Lisa elle-même, d’ailleurs, est bien résolue à ne point prendre au sérieux les complimens, maladroits et passionnés, de son vieil amoureux. Ses intentions nous sont expliquées dans un entretien qu’elle a avec un robuste jeune homme aux yeux bleus enfantins, Jacques Steger, qui déjà, tout à l’heure, nous a révélé un mélange singulier de naïveté paysanne et de bonhomie en se glorifiant ingénument, devant Allenstein, de la manière dont il fait prospérer l’exploitation agricole du domaine. Ce Jacques Steger est, lui, le fils d’une cabaretière du village, dont Allenstein a été jadis l’un des nombreux amans. Un médecin de la région, l’unique ami et confident du vieux garçon, a presque persuadé à celui-ci que Jacques était son fils ; et c’est par une sorte de scrupule paternel qu’Allenstein s’est chargé de l’éducation du petit Jacques, l’a envoyé suivre les cours de l’université, et puis, quand il s’est senti fatigué de l’administration de ses terres, l’a entièrement transmise entre ses mains, avec la certitude légitime de ne pouvoir pas trouver un serviteur plus fidèle, ni même, malgré sa simplicité un peu ridicule, plus capable de le remplacer en toute façon.
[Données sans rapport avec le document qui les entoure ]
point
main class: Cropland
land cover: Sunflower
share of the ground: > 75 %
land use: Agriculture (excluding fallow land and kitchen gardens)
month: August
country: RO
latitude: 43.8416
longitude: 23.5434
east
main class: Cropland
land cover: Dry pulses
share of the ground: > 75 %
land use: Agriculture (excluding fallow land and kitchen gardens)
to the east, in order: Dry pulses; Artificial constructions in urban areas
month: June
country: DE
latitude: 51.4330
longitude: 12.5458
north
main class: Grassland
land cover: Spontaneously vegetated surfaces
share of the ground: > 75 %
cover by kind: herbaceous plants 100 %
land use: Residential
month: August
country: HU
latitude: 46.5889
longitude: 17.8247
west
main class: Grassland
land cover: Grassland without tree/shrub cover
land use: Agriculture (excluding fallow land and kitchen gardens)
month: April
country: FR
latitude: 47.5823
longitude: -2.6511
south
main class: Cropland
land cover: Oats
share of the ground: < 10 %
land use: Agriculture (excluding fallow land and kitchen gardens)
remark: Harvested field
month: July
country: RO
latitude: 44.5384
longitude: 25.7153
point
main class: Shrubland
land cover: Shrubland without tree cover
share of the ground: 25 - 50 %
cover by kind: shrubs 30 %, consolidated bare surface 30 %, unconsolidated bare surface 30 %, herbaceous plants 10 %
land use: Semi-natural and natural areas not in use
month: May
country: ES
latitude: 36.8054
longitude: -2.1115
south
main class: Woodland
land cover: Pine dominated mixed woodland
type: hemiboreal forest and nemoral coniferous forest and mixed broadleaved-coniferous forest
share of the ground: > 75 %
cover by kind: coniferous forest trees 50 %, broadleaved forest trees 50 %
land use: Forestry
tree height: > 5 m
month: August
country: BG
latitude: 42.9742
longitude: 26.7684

Or, Jacques a donné son cœur à la belle Lisa ; et celle-ci, depuis des années, n’a jamais cessé de l’aimer tendrement, d’un amour où le respect de sa noble et touchante droiture se renforce d’un désir, tout féminin, de protection à l’égard du grand enfant que restera toujours « Jacques l’Imbécile. » Aussitôt seule avec lui, quand Allenstein est allé fumer des cigarettes sur la terrasse, elle reproche affectueusement à son ami son manque de tenue, et sa tendance incorrigible à compromettre le fruit de tous les efforts qu’elle ne se lasse point de tenter pour le faire recevoir dans l’intimité du château.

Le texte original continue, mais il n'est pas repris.